After the installation of metal structures, electrical cables are laid from the float modules to the central control module, and from it to the final stationary or mobile consumer. After laying the cables, commissioning works are carried out, after which the wave installation goes into operation mode in accordance with the principle of its operation described in the application.

Thanks to the proposed layout of the structural elements, the wave installation for the conversion of wave energy can smoothly roll through the waves, and therefore it does not generate mechanical stress of dangerous values, which makes it possible to increase its reliability in comparison with the closest analogue installation, reduce material consumption and increase durability.

The installation does not require the use of capital structures for its operation. It is easy to maintain and operate.

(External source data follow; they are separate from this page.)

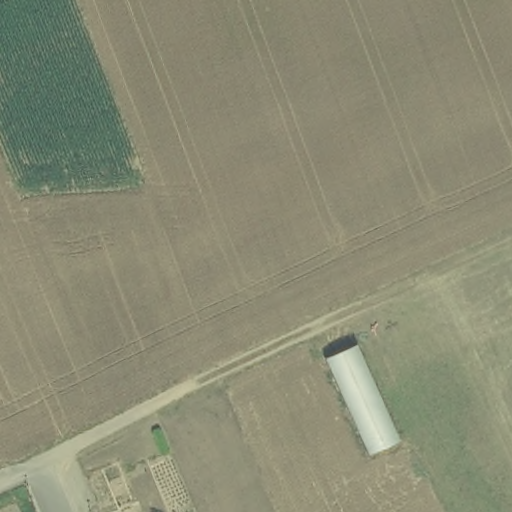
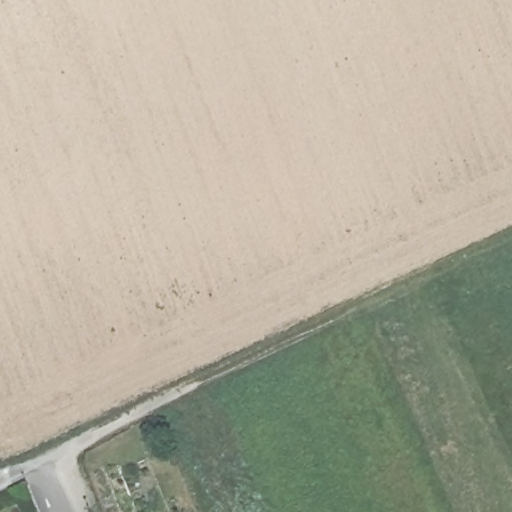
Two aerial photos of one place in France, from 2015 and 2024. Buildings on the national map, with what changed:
demolished [(402,440),(370,453),(324,355),(357,340),(402,440)]

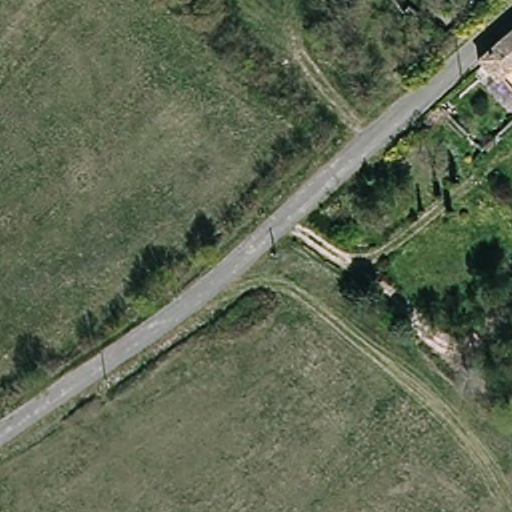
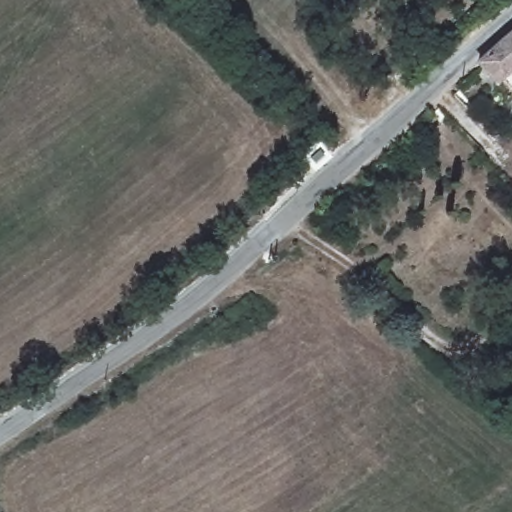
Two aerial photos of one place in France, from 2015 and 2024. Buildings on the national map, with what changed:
unchanged [(510,35),(512,33),(512,37),(510,35)]
unchanged [(511,70),(488,87),(475,74),(471,66),(510,35),(512,37),(512,72),(511,70)]
unchanged [(509,111),(512,108),(512,115),(509,111)]

In addition, the wave energy conversion unit can perceive water surface disturbances of a wide range of waves, thereby increasing the efficiency of using one square meter of water surface to generate electricity on an industrial scale.

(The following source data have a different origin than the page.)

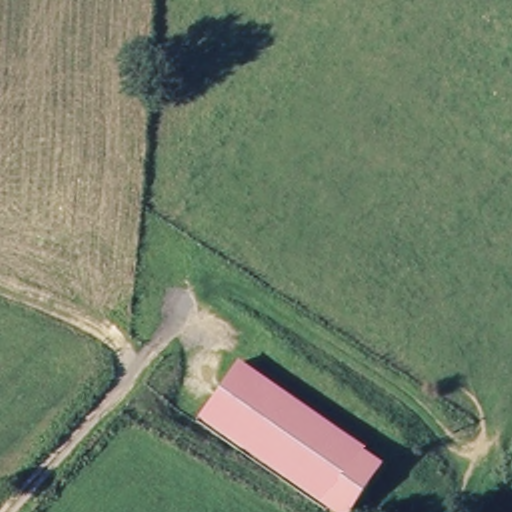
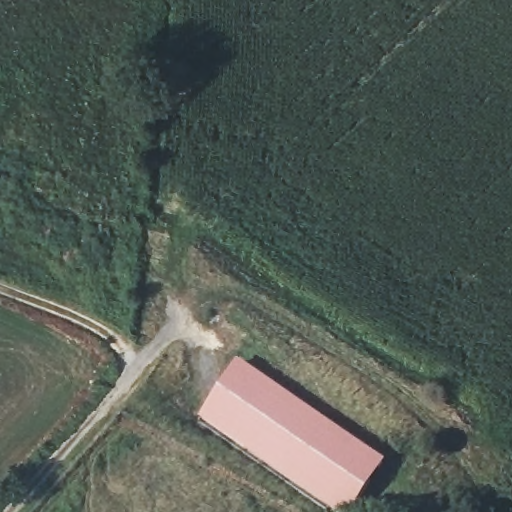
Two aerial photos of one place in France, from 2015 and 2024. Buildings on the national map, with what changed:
unchanged [(351,512),(329,512),(200,417),(240,362),(387,465),(351,512)]

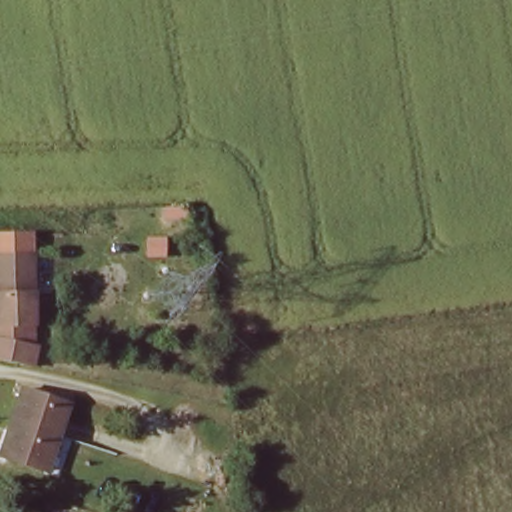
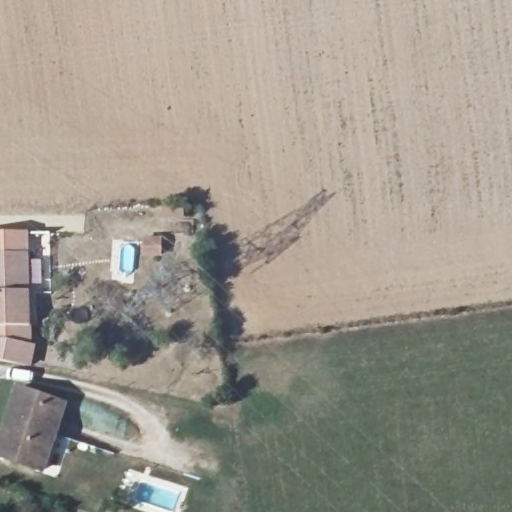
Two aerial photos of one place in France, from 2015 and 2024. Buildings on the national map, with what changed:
unchanged [(0,357),(0,259),(26,260),(23,362),(0,357)]
unchanged [(63,404),(40,471),(0,455),(0,436),(18,388),(63,404)]

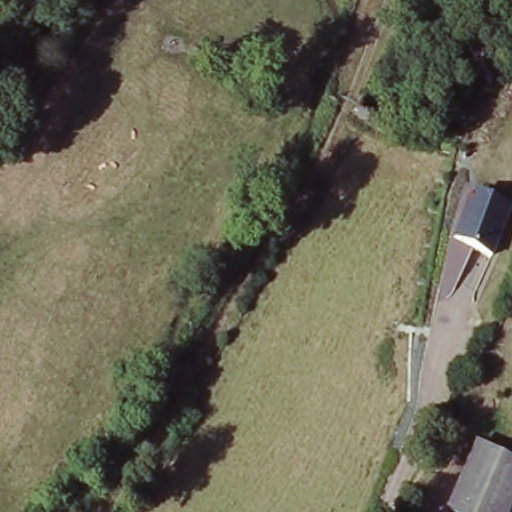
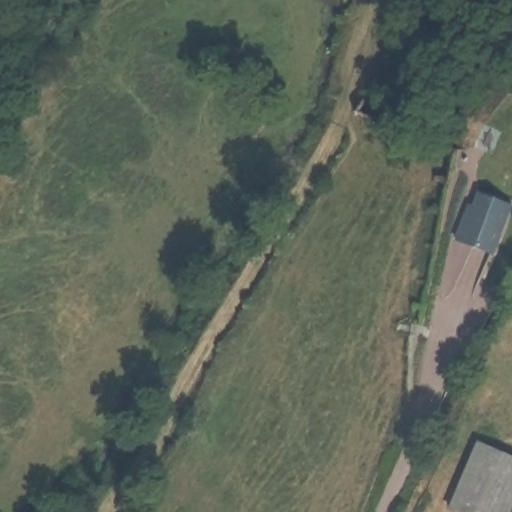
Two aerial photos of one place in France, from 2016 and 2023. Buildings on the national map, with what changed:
unchanged [(452,240),(465,204),(470,206),(475,191),(510,204),(490,256),(452,240)]
unchanged [(512,504),(508,512),(458,512),(452,509),(486,442),(512,455),(512,504)]

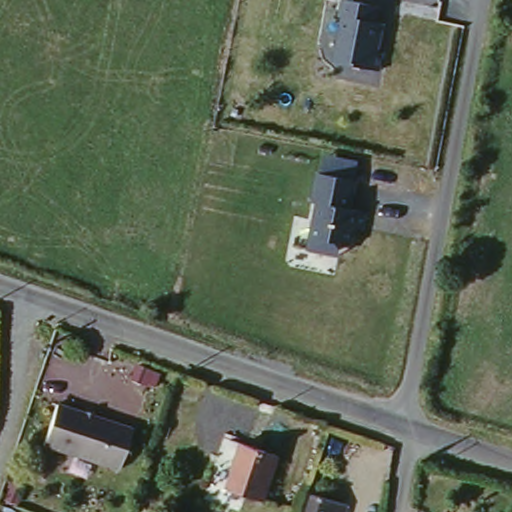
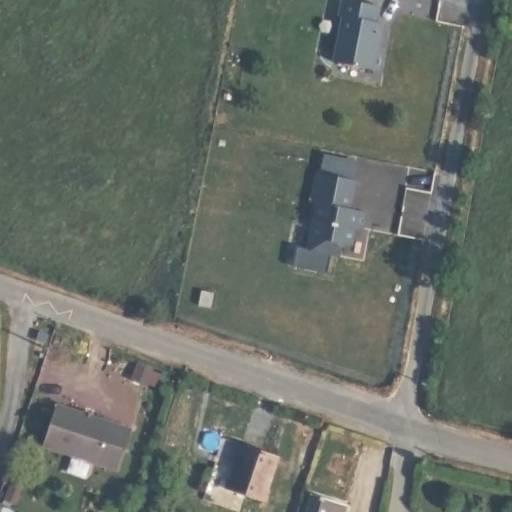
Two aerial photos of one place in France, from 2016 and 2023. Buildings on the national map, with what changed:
unchanged [(340,0),(361,0),(371,1),(370,20),(383,23),(377,70),(331,64),(340,0)]
unchanged [(318,203),(310,198),(316,172),(355,180),(346,209),(365,213),(360,235),(346,237),(340,257),(307,249),(318,203)]
unchanged [(134,422),(121,464),(45,442),(57,400),(134,422)]
unchanged [(262,504),(225,493),(241,444),(279,458),(262,504)]
unchanged [(345,504),(343,512),(302,512),(308,494),(345,504)]

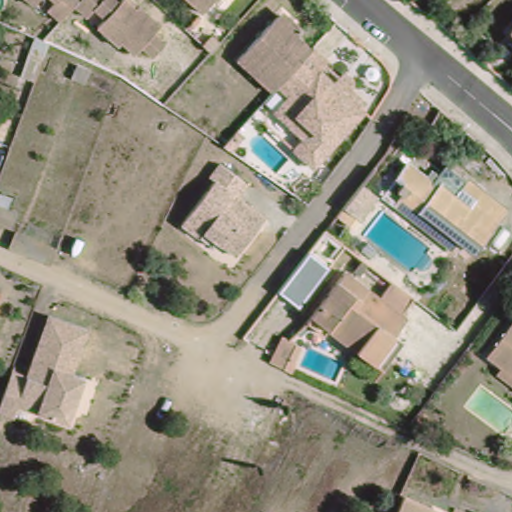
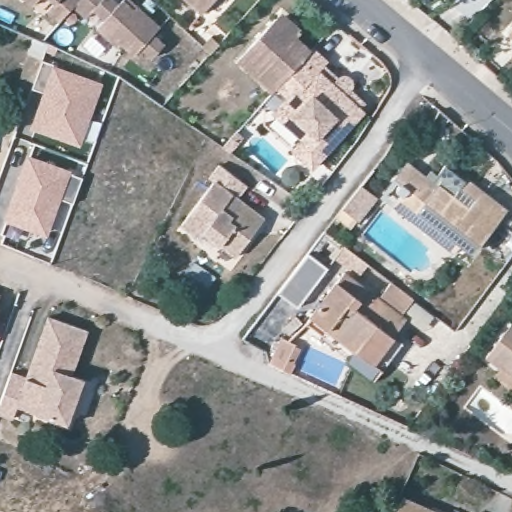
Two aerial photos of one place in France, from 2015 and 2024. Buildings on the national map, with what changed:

The simplicity of the design and the absence of intermediate (hydraulic and pneumatic) systems gives this useful model a competitive advantage over similar systems both in terms of cost of production and operating costs and practically does not harm the ecology of the water basin.

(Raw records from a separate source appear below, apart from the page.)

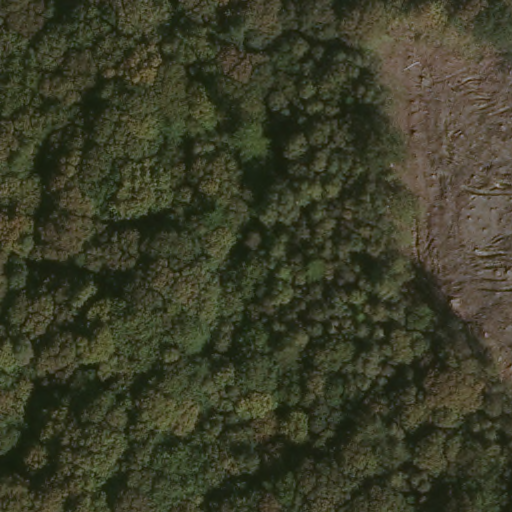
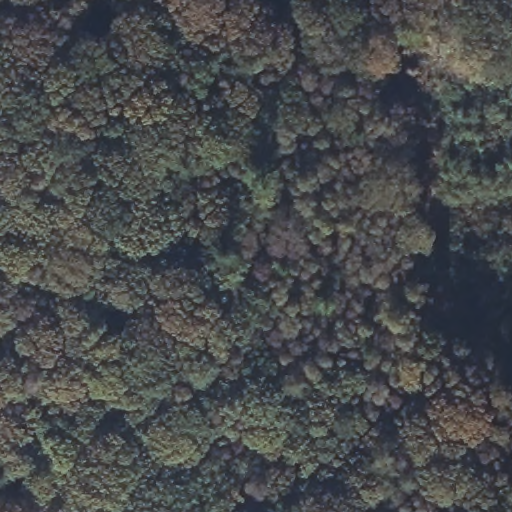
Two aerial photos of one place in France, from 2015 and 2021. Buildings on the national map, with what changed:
[]

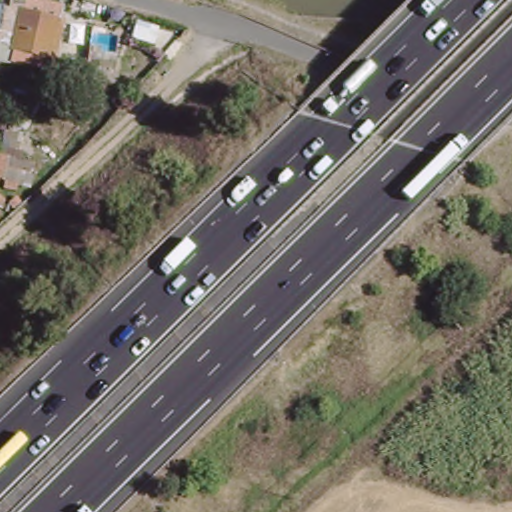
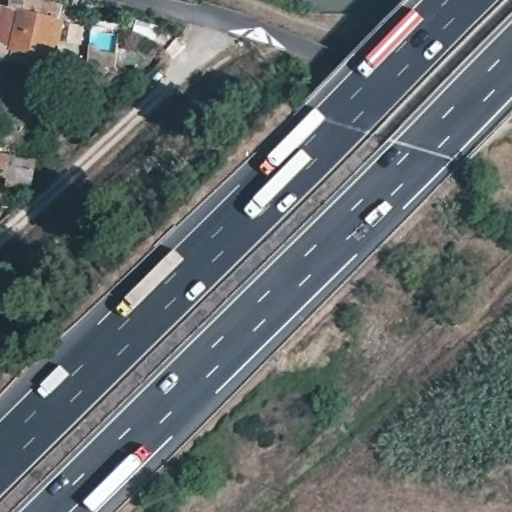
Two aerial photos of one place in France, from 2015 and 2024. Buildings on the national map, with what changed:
unchanged [(20,64),(0,60),(0,44),(12,46),(15,32),(20,9),(32,12),(73,22),(65,59),(24,49),(20,64)]
unchanged [(121,62),(93,59),(96,27),(125,30),(121,62)]

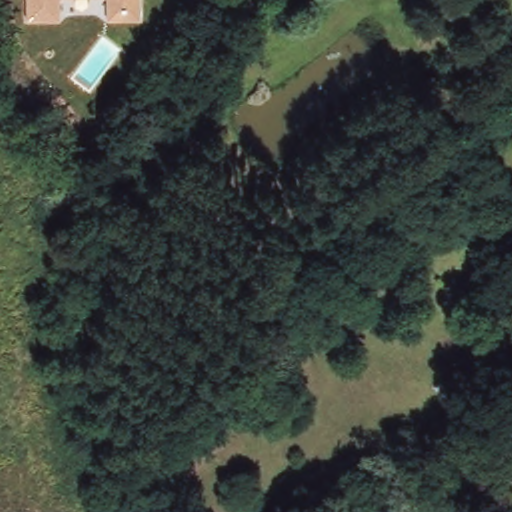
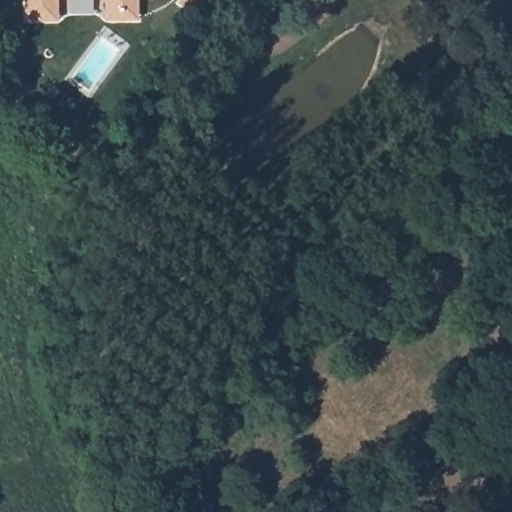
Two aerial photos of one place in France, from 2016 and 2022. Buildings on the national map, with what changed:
unchanged [(57,18),(26,19),(26,0),(57,0),(57,18)]
unchanged [(106,21),(105,0),(140,0),(141,21),(106,21)]

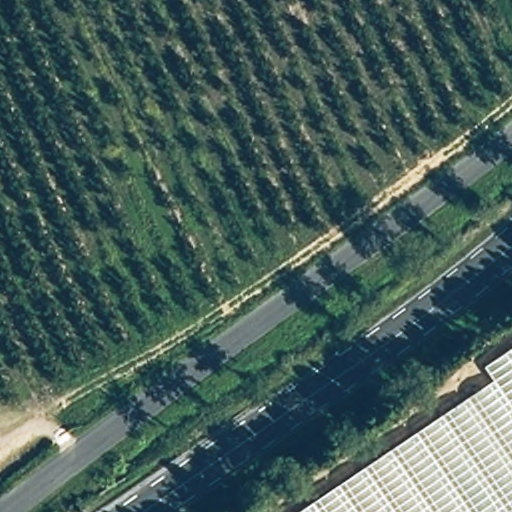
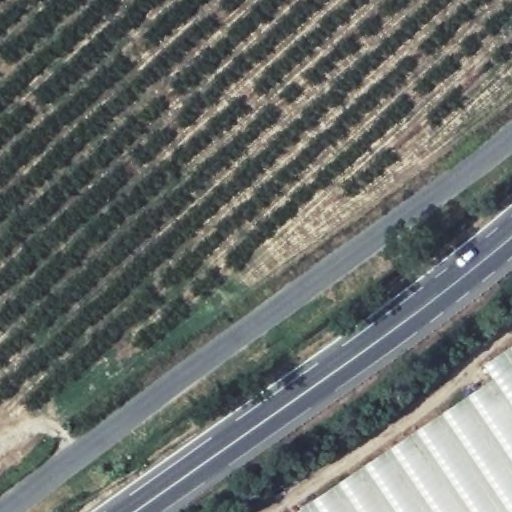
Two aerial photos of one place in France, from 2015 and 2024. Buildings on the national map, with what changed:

Several wave energy conversion units installed along the coast, together with standard power generation, will significantly protect the adjacent coastline from the destructive effects of waves.

Source of information: 1. RUSSIAN MARITIME REGISTER OF SHIPPING "REFERENCE DATA BY REGIME

WIND AND WAVES OF THE BALTIC, NORTH, BLACK, AZOV

MEDITERRANEAN SEAS" St. Petersburg, 2006.

Claims (1)

USEFUL MODEL FORMULA 1. Installation for the conversion of wave energy, containing a system of floats that are connected to each other by a kinematic chain, which is connected to an electric generator by means of a kinematic system with overrunning clutches and 20 flywheels, which is characterized by the fact that the system of floats is made in the form of a raft , which consists of a control float-generator module, to which at least three multi-directional branches containing float-generator modules are connected, which are made of different sizes and are assembled in one kinematic connection from smaller size to larger size in the direction of the control float- generator module, and the 25 size ratio of adjacent float-generator modules obeys the Fibonacci number series and is 1.618; the kinematic chain consists of a main link and a stabilizing link that form a pantograph system, and a direct or alternating current electric generator is placed in the cavity of each float-generator module, and the control float-generator module is made with a dynamic anchor. From 2. Installation according to claim 1, which differs in that each float-generator module is made in the form of a three-dimensional figure, the shape of which is close to spherical, made of rigid material. C. The installation according to claim 2, which differs in that each smaller float-generator module in its branch is a working float-generator module relative to a larger float-generator module and a generating relative to a smaller float-generator module. 4. Installation according to claim 3, which differs in that the main link is a lever, hingedly connected to the working float-generator module and immovably to the axis of the generating float-generator module. 40 5. Installation according to claim 3, which is characterized by the fact that the stabilizing link of the kinematic chain is a lever, hingedly connected to the working and generating float-generator modules.